(Data entries)
——————————

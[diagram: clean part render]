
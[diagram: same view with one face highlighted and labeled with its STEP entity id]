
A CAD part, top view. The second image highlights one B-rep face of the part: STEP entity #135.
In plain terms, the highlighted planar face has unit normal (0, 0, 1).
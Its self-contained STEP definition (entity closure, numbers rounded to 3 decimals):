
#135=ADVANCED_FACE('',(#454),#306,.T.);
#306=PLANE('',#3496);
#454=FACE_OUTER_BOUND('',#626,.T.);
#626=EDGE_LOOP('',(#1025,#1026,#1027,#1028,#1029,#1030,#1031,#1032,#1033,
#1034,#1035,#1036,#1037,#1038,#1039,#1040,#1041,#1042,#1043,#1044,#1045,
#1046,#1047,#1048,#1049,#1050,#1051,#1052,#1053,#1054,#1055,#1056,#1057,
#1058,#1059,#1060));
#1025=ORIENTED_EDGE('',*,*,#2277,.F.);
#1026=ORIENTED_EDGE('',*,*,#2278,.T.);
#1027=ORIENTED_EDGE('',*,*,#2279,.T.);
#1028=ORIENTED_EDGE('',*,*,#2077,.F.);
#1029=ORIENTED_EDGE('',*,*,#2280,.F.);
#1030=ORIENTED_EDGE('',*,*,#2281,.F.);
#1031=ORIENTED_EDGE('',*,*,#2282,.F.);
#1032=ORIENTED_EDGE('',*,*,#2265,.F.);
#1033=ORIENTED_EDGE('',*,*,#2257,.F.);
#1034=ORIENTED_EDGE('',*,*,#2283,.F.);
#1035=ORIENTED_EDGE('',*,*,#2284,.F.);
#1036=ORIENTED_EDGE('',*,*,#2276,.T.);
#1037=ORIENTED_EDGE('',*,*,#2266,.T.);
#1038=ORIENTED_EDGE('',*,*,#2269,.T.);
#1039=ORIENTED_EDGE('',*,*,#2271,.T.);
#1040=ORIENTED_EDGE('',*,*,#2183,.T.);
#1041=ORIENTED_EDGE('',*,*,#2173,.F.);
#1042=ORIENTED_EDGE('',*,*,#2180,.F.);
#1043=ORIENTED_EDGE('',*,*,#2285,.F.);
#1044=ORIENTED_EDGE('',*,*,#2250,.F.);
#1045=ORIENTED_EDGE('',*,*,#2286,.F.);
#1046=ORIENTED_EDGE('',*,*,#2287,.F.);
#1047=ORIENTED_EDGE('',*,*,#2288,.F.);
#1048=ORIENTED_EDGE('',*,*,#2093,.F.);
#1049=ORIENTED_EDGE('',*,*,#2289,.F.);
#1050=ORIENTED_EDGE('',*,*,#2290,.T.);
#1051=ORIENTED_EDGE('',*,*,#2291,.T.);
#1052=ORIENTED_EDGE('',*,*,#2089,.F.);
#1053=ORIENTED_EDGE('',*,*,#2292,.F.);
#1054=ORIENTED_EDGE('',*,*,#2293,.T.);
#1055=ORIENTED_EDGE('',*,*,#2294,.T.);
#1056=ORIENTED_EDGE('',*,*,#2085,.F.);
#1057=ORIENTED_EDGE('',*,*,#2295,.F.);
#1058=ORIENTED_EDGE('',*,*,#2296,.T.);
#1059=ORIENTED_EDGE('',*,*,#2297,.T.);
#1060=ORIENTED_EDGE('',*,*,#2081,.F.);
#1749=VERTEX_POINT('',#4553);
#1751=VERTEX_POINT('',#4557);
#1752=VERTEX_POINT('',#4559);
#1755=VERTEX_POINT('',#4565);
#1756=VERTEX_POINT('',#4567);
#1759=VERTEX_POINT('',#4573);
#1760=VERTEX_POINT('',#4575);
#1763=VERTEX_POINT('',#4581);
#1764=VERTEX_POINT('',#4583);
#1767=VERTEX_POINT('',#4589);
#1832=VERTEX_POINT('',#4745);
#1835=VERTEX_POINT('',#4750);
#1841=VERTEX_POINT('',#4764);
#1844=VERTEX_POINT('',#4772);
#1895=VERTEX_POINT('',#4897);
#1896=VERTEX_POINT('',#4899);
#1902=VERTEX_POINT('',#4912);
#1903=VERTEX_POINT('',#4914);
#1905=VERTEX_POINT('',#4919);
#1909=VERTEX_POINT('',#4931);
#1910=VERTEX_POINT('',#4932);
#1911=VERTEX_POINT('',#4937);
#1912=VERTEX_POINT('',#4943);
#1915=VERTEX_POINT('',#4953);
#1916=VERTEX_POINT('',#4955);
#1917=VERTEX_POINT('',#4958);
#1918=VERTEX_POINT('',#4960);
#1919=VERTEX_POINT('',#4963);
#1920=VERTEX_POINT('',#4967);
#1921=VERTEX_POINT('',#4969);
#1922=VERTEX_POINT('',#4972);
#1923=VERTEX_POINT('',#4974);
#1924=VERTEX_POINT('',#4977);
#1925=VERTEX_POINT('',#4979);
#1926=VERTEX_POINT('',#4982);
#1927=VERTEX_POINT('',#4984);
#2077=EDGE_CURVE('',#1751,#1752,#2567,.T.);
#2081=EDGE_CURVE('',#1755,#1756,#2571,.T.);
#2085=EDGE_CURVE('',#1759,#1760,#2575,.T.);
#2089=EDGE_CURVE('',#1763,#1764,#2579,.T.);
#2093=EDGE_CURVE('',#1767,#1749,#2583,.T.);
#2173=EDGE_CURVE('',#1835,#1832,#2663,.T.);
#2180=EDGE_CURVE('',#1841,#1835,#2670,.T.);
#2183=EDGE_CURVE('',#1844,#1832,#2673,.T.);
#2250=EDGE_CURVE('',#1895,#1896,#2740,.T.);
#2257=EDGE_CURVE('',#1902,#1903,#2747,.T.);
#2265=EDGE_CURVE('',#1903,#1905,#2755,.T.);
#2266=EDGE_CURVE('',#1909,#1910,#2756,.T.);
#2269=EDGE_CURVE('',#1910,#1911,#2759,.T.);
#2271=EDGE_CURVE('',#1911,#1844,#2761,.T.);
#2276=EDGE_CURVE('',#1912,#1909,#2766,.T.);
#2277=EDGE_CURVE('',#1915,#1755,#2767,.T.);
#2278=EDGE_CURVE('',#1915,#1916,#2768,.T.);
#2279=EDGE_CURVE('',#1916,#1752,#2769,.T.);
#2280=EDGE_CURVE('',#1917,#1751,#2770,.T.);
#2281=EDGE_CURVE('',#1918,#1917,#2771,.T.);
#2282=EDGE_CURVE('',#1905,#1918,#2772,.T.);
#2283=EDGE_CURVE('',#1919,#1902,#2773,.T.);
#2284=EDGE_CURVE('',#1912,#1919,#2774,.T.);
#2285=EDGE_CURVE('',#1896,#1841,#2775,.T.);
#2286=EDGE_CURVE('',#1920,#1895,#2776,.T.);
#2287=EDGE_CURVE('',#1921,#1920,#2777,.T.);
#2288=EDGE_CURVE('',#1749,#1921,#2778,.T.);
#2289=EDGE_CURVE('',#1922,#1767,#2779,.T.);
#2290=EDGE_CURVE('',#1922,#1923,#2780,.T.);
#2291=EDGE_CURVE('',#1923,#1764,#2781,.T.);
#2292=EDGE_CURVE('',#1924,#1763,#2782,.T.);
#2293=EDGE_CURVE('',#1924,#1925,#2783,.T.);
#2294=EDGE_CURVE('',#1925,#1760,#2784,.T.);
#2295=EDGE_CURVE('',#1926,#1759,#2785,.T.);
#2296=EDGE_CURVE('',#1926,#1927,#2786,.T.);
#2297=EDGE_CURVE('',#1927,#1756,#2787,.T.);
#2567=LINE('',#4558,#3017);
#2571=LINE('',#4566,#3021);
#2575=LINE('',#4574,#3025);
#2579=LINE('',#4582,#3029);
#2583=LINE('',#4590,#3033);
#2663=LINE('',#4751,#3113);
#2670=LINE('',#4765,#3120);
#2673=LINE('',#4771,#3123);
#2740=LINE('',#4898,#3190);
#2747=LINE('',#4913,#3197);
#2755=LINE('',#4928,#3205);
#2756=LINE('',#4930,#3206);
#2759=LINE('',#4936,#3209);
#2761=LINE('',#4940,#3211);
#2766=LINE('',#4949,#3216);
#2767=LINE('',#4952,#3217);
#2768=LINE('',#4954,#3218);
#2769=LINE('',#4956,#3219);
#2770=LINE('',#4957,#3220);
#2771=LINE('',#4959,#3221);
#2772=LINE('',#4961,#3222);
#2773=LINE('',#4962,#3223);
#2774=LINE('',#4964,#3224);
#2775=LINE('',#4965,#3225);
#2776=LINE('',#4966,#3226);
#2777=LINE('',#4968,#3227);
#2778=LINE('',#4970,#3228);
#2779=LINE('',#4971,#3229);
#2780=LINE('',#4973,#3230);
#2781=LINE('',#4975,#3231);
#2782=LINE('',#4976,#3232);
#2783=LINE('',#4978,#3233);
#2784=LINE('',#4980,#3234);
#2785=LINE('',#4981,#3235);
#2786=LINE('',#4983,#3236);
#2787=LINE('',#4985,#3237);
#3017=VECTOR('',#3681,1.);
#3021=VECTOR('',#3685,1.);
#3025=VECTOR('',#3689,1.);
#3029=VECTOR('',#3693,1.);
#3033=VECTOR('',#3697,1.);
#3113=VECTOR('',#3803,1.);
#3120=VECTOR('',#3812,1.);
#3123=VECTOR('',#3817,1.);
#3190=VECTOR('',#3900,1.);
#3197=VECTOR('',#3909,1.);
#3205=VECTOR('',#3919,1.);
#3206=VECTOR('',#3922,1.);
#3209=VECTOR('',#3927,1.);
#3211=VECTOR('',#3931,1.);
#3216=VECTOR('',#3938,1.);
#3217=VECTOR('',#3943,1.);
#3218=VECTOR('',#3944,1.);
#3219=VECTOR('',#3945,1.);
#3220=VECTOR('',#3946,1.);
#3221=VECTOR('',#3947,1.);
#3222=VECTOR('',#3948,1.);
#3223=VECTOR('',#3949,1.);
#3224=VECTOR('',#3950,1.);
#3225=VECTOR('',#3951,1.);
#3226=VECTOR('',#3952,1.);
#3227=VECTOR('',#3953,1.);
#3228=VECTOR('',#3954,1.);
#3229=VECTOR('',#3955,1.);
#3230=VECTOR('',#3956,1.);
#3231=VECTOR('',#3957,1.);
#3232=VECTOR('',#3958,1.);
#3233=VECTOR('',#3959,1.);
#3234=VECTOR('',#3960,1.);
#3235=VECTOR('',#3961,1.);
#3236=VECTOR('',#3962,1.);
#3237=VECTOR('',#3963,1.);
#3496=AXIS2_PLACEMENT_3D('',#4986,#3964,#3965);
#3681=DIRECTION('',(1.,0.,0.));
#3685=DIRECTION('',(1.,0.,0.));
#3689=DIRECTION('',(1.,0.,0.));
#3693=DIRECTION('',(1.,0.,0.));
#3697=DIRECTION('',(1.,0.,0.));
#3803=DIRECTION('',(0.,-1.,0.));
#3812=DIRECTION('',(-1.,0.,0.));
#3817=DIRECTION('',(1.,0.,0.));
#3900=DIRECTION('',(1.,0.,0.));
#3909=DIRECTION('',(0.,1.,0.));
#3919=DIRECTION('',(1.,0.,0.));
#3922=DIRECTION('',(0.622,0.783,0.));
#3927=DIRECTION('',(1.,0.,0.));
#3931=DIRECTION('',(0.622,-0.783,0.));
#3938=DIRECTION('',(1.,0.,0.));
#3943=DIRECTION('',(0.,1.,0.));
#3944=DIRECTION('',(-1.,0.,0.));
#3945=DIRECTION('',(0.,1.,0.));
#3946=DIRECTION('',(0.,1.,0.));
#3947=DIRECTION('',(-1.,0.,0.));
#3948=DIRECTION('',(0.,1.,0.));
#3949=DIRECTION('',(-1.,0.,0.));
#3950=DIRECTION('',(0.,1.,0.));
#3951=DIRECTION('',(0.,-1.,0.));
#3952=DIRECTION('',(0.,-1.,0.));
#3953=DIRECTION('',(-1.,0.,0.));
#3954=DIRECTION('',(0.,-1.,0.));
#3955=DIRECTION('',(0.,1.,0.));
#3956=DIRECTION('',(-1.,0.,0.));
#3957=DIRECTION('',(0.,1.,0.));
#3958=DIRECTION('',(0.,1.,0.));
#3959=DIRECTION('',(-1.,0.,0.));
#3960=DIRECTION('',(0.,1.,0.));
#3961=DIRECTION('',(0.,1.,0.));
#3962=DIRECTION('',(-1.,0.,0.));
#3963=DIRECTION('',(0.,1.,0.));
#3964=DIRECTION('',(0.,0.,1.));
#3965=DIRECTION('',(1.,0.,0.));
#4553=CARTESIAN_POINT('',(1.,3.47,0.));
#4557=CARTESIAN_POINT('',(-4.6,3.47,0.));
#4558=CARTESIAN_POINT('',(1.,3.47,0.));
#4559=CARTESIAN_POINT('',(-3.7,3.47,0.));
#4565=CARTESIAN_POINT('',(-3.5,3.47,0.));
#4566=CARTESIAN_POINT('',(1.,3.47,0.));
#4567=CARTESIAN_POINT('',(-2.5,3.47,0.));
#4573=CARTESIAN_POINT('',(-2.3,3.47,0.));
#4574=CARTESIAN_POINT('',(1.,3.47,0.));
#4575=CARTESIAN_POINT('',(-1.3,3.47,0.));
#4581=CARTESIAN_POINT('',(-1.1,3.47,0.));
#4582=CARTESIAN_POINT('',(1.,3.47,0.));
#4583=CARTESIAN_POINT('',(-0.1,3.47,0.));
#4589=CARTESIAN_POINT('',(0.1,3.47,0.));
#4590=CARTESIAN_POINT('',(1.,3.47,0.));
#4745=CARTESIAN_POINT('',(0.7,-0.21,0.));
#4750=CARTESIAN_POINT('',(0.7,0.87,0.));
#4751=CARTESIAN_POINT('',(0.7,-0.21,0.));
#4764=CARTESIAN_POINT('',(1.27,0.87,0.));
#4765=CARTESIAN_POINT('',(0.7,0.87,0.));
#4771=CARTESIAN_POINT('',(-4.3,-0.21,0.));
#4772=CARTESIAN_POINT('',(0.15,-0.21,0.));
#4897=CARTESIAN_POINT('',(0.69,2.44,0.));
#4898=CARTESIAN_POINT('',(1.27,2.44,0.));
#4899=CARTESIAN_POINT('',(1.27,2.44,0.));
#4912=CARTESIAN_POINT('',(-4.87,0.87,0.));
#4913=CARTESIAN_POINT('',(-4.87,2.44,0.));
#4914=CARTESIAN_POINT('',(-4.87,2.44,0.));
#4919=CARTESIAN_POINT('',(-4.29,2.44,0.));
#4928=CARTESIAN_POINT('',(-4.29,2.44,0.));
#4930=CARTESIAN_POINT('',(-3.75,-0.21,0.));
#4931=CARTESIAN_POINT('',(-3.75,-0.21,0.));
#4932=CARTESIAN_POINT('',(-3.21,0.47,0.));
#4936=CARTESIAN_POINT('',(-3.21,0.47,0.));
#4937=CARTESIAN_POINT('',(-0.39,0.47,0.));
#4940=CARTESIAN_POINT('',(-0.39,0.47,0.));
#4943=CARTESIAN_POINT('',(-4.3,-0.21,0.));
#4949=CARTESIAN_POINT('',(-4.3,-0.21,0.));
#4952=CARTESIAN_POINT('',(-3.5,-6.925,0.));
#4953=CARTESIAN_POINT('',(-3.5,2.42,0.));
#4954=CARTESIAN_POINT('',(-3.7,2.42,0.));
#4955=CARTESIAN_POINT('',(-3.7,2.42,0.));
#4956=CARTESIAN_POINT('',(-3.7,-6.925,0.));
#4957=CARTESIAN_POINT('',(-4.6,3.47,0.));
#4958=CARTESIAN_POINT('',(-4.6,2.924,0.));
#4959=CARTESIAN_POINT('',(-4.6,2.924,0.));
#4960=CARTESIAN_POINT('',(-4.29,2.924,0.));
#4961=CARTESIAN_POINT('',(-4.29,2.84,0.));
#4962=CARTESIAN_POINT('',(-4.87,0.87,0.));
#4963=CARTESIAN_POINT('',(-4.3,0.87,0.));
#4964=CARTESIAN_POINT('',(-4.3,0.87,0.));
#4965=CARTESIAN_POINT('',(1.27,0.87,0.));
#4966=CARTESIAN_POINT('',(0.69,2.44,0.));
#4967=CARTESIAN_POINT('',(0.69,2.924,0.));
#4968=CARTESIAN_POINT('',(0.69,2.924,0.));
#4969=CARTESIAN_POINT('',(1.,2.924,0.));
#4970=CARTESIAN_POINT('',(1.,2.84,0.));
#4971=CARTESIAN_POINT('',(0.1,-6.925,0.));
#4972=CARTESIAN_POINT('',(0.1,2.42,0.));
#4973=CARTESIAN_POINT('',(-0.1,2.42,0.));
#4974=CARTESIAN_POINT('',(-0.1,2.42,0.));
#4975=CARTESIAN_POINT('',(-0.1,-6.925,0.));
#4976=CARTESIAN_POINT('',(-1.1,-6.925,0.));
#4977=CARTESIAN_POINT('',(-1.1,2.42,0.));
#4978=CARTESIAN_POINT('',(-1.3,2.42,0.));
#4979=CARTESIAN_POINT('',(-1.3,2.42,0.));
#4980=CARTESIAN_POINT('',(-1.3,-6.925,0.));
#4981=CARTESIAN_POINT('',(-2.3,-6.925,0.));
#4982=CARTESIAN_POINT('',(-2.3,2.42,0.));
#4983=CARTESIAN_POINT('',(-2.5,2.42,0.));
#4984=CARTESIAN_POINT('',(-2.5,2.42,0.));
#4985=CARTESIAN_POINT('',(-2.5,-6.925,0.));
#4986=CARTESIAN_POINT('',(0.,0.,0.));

——————————

**WORK ORDER**
The expected reply is a number only, the tally of lines in the data where the word "STEP" is found.

**WRITTEN RESPONSE**
3